• [WHAT YOU WILL DO]: The records follow. Give them all back exactly.

Stored records:
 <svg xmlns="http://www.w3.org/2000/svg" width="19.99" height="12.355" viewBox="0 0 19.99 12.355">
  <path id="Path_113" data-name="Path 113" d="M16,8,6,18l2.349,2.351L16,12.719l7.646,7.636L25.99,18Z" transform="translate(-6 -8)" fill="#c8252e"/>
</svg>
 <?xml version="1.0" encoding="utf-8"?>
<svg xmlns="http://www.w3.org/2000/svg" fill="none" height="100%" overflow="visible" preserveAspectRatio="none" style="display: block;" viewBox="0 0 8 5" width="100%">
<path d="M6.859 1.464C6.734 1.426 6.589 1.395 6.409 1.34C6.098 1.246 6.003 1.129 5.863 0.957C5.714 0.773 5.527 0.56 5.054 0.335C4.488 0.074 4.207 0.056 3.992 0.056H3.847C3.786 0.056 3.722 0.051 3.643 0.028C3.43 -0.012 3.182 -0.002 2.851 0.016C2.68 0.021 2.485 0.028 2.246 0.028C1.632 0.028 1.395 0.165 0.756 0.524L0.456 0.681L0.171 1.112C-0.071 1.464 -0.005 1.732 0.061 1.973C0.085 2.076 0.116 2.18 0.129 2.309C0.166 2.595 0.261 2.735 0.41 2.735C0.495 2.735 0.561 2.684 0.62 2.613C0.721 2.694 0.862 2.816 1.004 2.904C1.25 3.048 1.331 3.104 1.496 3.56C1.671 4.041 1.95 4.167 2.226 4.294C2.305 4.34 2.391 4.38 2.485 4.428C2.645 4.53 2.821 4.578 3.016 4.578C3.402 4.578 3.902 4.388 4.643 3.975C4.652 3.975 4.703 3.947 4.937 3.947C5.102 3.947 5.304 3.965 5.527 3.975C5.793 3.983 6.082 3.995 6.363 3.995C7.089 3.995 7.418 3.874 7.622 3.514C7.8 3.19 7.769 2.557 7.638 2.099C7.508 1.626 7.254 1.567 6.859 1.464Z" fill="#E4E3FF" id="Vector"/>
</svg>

• [EXERCISE RESULT]:
 <svg xmlns="http://www.w3.org/2000/svg" width="19.99" height="12.355" viewBox="0 0 19.99 12.355">
  <path id="Path_113" data-name="Path 113" d="M16,8,6,18l2.349,2.351L16,12.719l7.646,7.636L25.99,18Z" transform="translate(-6 -8)" fill="#c8252e"/>
</svg>
 <?xml version="1.0" encoding="utf-8"?>
<svg xmlns="http://www.w3.org/2000/svg" fill="none" height="100%" overflow="visible" preserveAspectRatio="none" style="display: block;" viewBox="0 0 8 5" width="100%">
<path d="M6.859 1.464C6.734 1.426 6.589 1.395 6.409 1.34C6.098 1.246 6.003 1.129 5.863 0.957C5.714 0.773 5.527 0.56 5.054 0.335C4.488 0.074 4.207 0.056 3.992 0.056H3.847C3.786 0.056 3.722 0.051 3.643 0.028C3.43 -0.012 3.182 -0.002 2.851 0.016C2.68 0.021 2.485 0.028 2.246 0.028C1.632 0.028 1.395 0.165 0.756 0.524L0.456 0.681L0.171 1.112C-0.071 1.464 -0.005 1.732 0.061 1.973C0.085 2.076 0.116 2.18 0.129 2.309C0.166 2.595 0.261 2.735 0.41 2.735C0.495 2.735 0.561 2.684 0.62 2.613C0.721 2.694 0.862 2.816 1.004 2.904C1.25 3.048 1.331 3.104 1.496 3.56C1.671 4.041 1.95 4.167 2.226 4.294C2.305 4.34 2.391 4.38 2.485 4.428C2.645 4.53 2.821 4.578 3.016 4.578C3.402 4.578 3.902 4.388 4.643 3.975C4.652 3.975 4.703 3.947 4.937 3.947C5.102 3.947 5.304 3.965 5.527 3.975C5.793 3.983 6.082 3.995 6.363 3.995C7.089 3.995 7.418 3.874 7.622 3.514C7.8 3.19 7.769 2.557 7.638 2.099C7.508 1.626 7.254 1.567 6.859 1.464Z" fill="#E4E3FF" id="Vector"/>
</svg>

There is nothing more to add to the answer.